12 Apr On Practicing True Vision
In one of the Harry Potter books, Harry hides in a safe home that is made invisible to the world through magic. As I was driving home one day, I noticed a house, right in front of my kitchen window, that I have never noticed before. Granted, it was a small house squeezed between two apartment buildings (which it can be argued that it should have made it even more conspicuous) and it was across 6 lanes of busy traffic. Nevertheless, I have never seen that house before. I was in shock. I consider myself an observant person (as discussed above) and I look out the window 50 times a day. How could this be? How could I not have seen this house?
Well, quite common, right? Happens all the time, and when thinking of Harry Potter’s safe house, we realize it doesn’t take much magic to render something invisible. I am willing to bet, most things are invisible until they are visible. From other people’s feelings, to products and services we desperately need and never notice, to objects, nature, and people; even ourselves to ourselves.
Invisibility is a fact of life.
So we need to practice true vision. We need to practice “seeing” while keeping our eyes open into the world. There is nothing complicated to this. Just add intent and pause (a few seconds of pause are all that is needed). Boom! True vision.
What can you use true vision for? A ton of stuff, from understanding your environment, to understanding people at work (your boss, your colleagues, your clients), to deconstructing emotions.

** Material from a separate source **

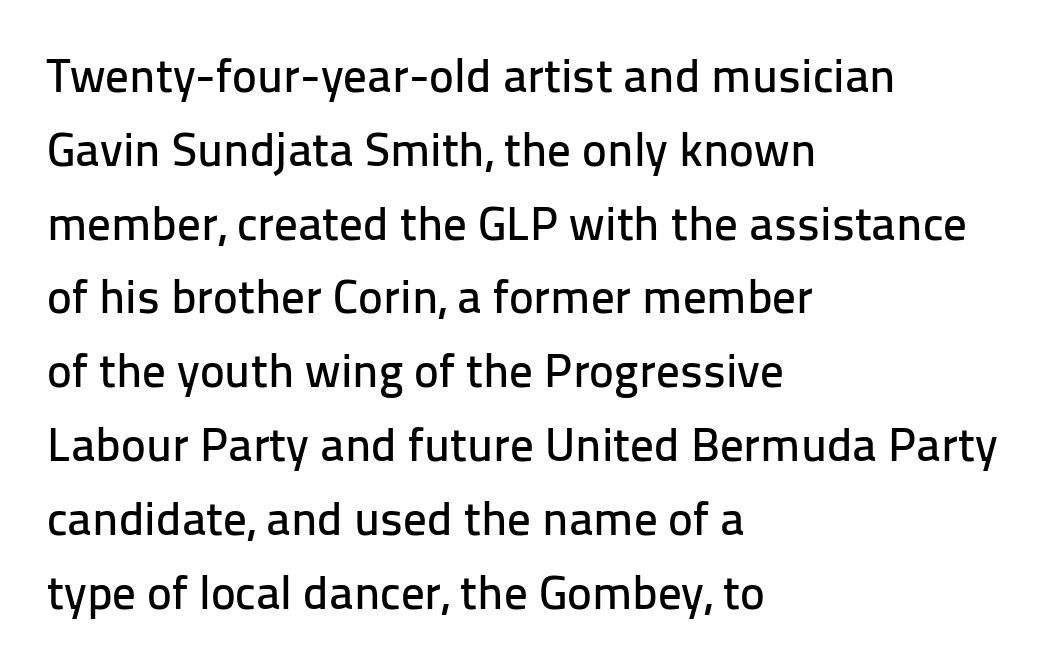
{"serif": "no", "italic": "no", "width": "normal", "stroke_contrast": "low", "x_height": "medium", "monospaced": "no", "underline": "no", "align": "left", "line_spacing": "normal", "line_spacing_ratio": 1.57, "letter_spacing": "normal", "letter_spacing_em": 0.0, "glyph_px": 47}
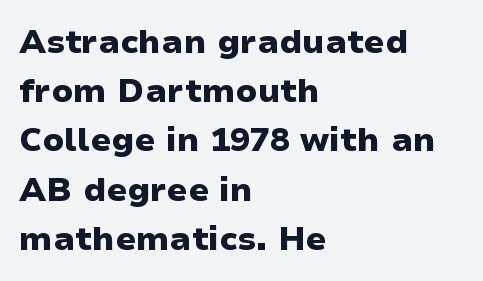
The image shows 33 px heavy, wide sans-serif type, upright; set left-aligned, normal line spacing (1.49x), normal letter spacing, not underlined; low stroke contrast and a medium x-height.

Example: I was in Sienna, Italy, one summer a few years back. My daughter was 7 months old, in my arms, with a wet diaper. My mother was behind me, nursing a bad hip, barely walking. My husband was ahead of me almost lost in the huge tourist crowds, on the verge of an asthma attack. I was in the middle of Sienna, one of the most magnificent medieval towns in the world. Sienna was of course, gorgeous and at that moment, completely inaccessible to me because all these other issues and worries were fully occupying the bandwidth I had. Completely aware that I might never be in Sienna ever again in this lifetime, I did something very simple and most powerful, something that I keep using as a technique all the time, something that I recommend to you when you feel stressed.
I stopped.
I wanted to “file away” a memory of that beautiful place so I can revisit it later, in solitude, to rewind the tape and enjoy Sienna, if not in real time, at least in my mind’s eye. I literally stopped in the middle of that plaza and scanned my surroundings, literally taking mental photographs, smelling the air, listening to the din of the crowd, feeling the wind and the sun on my face. I said to myself: “I can’t enjoy it now, but nobody can prevent me from enjoying it later. This memory is mine and mine alone.” It took a few seconds – a few seconds of true vision – and then I walked away, searching for my family, up ahead.
If the banking of that rich, textured, beautiful memory would have been the only outcome of that true vision moment, that would have been enough. To my amazement however, as I was walking away, I noticed that everything had shifted internally. My daughter’s diaper was still wet, and nothing had changed in the health of my mom or husband, but my internal framework was completely different. I didn’t feel overwhelmed anymore. I wasn’t irritated. I was light as a feather. I was happy.
That is the gift of true vision.
If paying attention to detail to feed the brain with information is the ability to see at the micro level, true vision is macro level. True vision is looking for the things between the things, for the whole, for the tapestry of myriad things and how they come together. Combine the two, and well, you’ve truly got your superpower.